Stored items
☆ ☆ ☆
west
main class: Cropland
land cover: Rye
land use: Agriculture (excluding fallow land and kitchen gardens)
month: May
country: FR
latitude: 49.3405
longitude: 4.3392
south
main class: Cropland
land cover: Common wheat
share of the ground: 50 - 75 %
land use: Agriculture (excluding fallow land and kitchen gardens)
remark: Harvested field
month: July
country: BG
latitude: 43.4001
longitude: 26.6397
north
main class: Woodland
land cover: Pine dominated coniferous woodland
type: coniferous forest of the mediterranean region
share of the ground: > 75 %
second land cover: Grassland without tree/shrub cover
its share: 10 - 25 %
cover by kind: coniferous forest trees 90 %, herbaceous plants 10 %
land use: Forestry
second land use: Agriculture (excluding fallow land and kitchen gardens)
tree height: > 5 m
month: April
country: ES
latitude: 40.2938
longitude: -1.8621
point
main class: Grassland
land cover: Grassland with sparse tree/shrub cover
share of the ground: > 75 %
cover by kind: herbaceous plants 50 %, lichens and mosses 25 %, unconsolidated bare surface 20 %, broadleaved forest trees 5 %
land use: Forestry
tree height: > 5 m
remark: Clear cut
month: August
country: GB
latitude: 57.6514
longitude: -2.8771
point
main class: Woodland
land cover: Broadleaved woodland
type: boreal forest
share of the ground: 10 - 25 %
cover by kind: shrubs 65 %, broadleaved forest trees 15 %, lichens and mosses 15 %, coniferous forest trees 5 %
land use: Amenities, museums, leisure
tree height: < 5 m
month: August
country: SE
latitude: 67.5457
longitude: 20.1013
☆ ☆ ☆
## Directions for this task
Retrieve all lines from the data that contain the string "share".

## Reply to the task
share of the ground: 50 - 75 %
share of the ground: > 75 %
its share: 10 - 25 %
share of the ground: > 75 %
share of the ground: 10 - 25 %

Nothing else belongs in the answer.